Received: by smtp.kernel.org (Postfix) with ESMTPSA id D1B7E1F000E9;
	Thu, 28 May 2026 18:26:12 +0000 (UTC)
DKIM-Signature: v=1; a=rsa-sha256; c=relaxed/relaxed; d=kernel.org;
	s=k20260515; t=1779992774;
	bh=umxsgUfAIAKmPR1v090QSLcMtlURT7J/ewk8HNWQtrk=;
	h=From:To:Cc:Subject:Date;
	b=DeTJ3VSwFKc3bt5yFdvGRk31HID8mMkQdxWCJdVMVIeLWNilaD/qsk9q89+RZd31Z
	 pxBrqQWlZvMIDNIDJp9DZU2OH5zLRSmCXMCKYoDjuKTYWiwFcmIf5W8UWTuKNzv2RQ
	 f8hcFCTnjezsMeRzp/GISxe1IFSfK8xtl8M9MRmRjRncmNuPOq09/pKeurdoH7C3aS
	 RU2eeoJFhFeIzpbiiDrSrMGU0vuW+CQ80ObegYCTrdeanOQ6aihKpRSqYTicTfIYMl
	 eEOK4q+h6efomljTBKF4j+v6J5/dXlLOKjryLlZdpNp/B6QmIcr0wg7Q6XwZKBow92
	 jcUR+9QNuNLAw==
From: Song Liu <song@kernel.org>
To: linux-security-module@vger.kernel.org,
	linux-fsdevel@vger.kernel.org,
	selinux@vger.kernel.org,
	apparmor@lists.ubuntu.com
Cc: paul@paul-moore.com,
	jmorris@namei.org,
	serge@hallyn.com,
	viro@zeniv.linux.org.uk,
	brauner@kernel.org,
	jack@suse.cz,
	john.johansen@canonical.com,
	stephen.smalley.work@gmail.com,
	omosnace@redhat.com,
	mic@digikod.net,
	gnoack@google.com,
	takedakn@nttdata.co.jp,
	penguin-kernel@I-love.SAKURA.ne.jp,
	herton@canonical.com,
	kernel-team@meta.com,
	Song Liu <song@kernel.org>
Subject: [PATCH v5 0/8] lsm: Replace security_sb_mount with granular mount hooks
Date: Thu, 28 May 2026 11:25:59 -0700
Message-ID: <20260528182607.3150386-1-song@kernel.org>
X-Mailer: git-send-email 2.52.0
Precedence: bulk
X-Mailing-List: linux-fsdevel@vger.kernel.org
List-Id: <linux-fsdevel.vger.kernel.org>
List-Subscribe: <mailto:linux-fsdevel+subscribe@vger.kernel.org>
List-Unsubscribe: <mailto:linux-fsdevel+unsubscribe@vger.kernel.org>
MIME-Version: 1.0
Content-Transfer-Encoding: 8bit

This series replaces the monolithic security_sb_mount() hook with
per-operation mount hooks, addressing two main issues:

1. TOCTOU: security_sb_mount() receives dev_name as a string, which
   LSMs like AppArmor and Tomoyo re-resolve via kern_path(). The new
   hooks pass pre-resolved struct path pointers where possible (bind
   mount, move mount), eliminating the double-resolution.

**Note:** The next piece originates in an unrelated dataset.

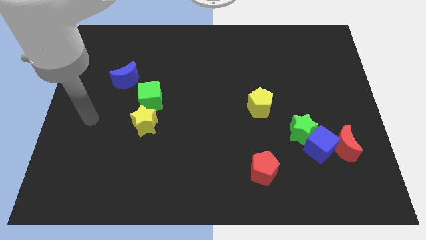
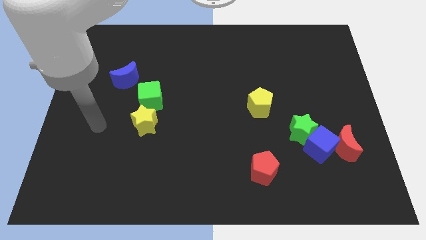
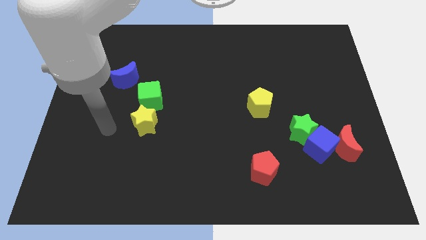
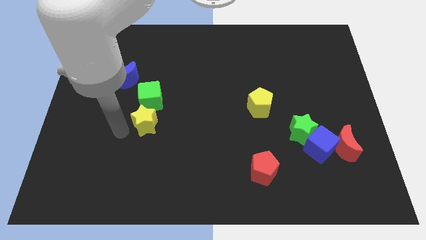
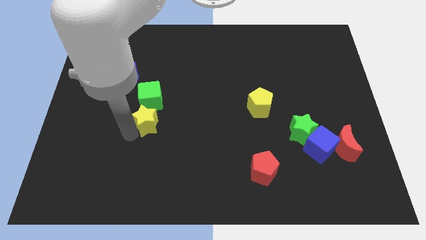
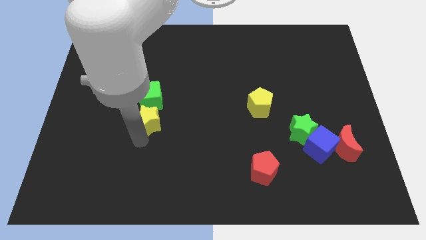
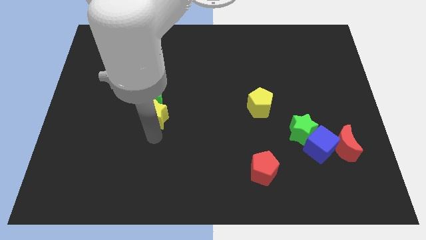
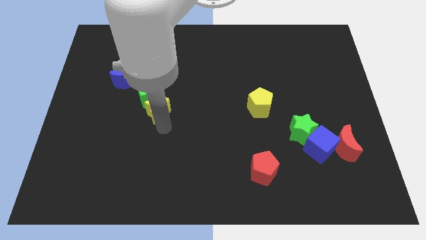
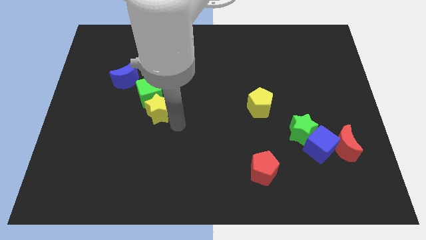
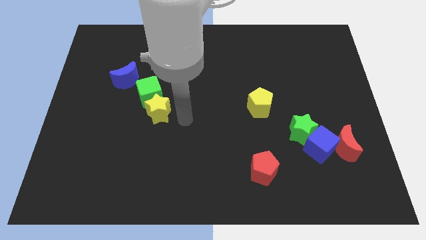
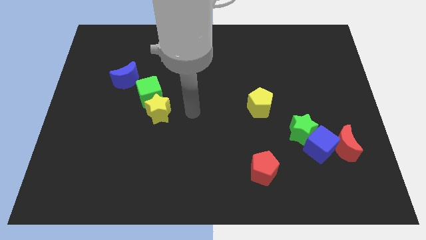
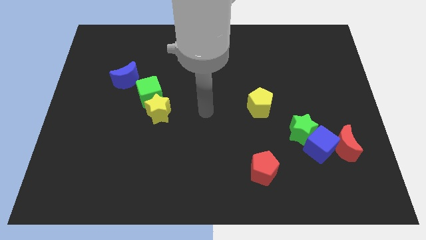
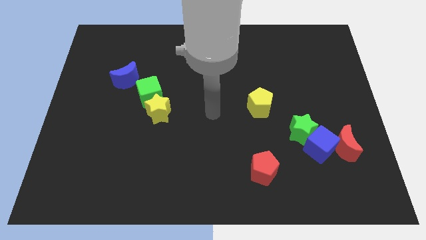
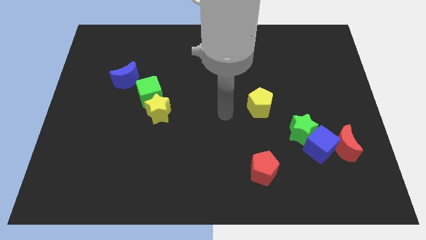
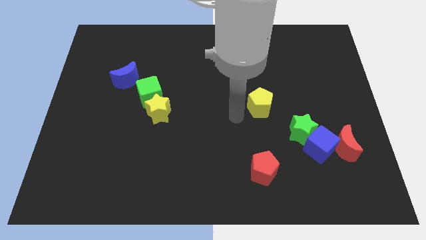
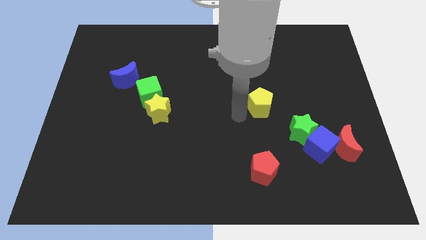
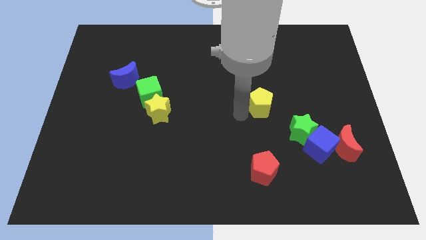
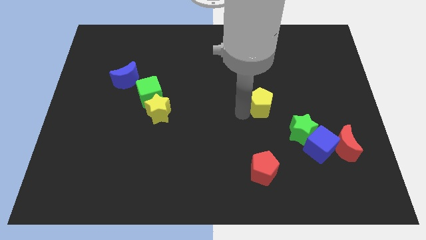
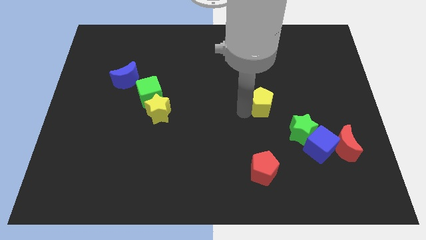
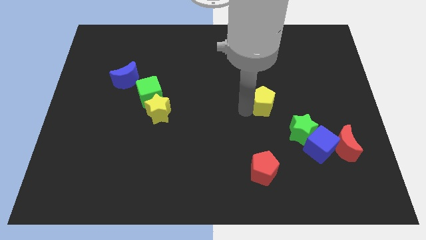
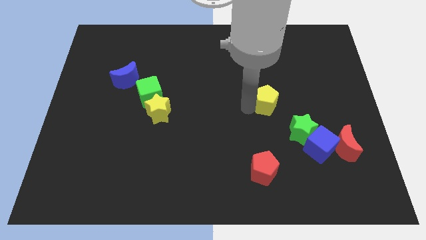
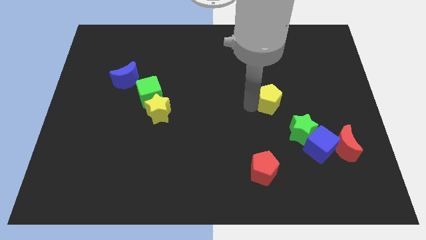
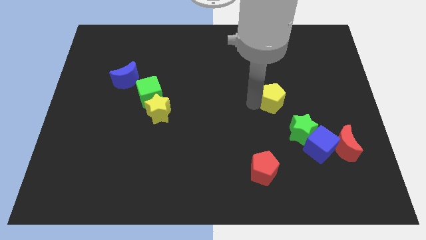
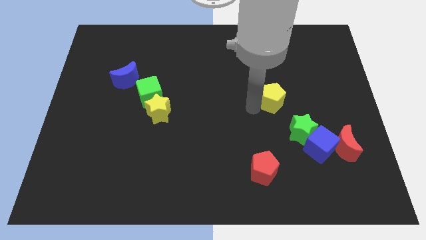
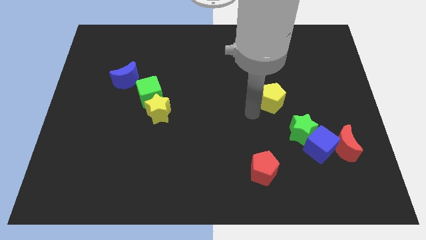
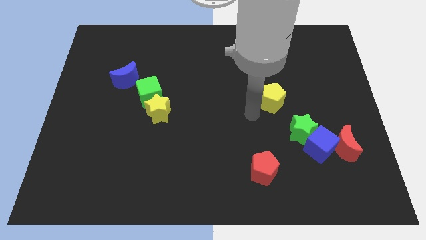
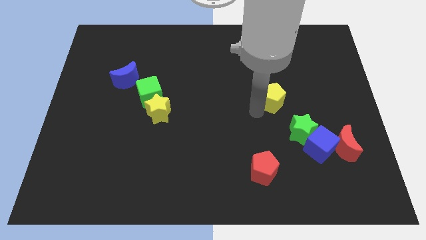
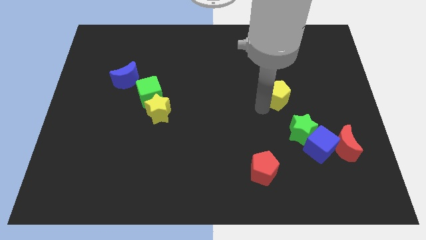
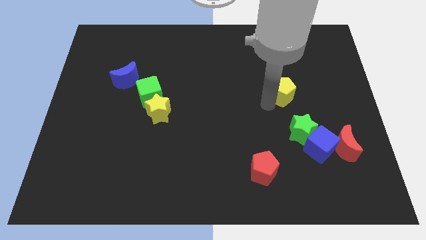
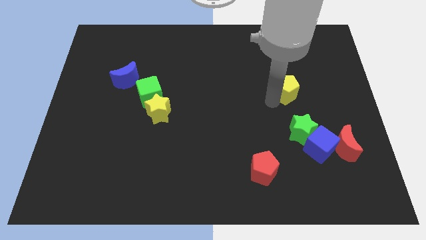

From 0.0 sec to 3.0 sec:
slightly move the yellow pentagon up and to the right diagonally

2. Conflation: security_sb_mount() handles bind, new mount, remount,
   move, propagation changes, and mount reconfiguration through a
   single hook, requiring LSMs to dispatch on flags internally. The
   new hooks are called at the operation level with appropriate
   context.

The new hooks are:
  mount_bind        - bind mount (pre-resolved source path)
  mount_new         - new filesystem mount (with fs_context)
  mount_remount     - filesystem remount (with fs_context)
  mount_reconfigure - mount flag reconfiguration (MS_REMOUNT|MS_BIND)
  mount_move        - move mount (pre-resolved paths)
  mount_change_type - propagation type changes

mount_new and mount_remount are called after parse_monolithic_mount_data(),
so LSMs have access to the fs_context with parsed mount options. They also
receive the original mount(2) flags and data pointer for LSMs (AppArmor,
Tomoyo) that need them for policy matching.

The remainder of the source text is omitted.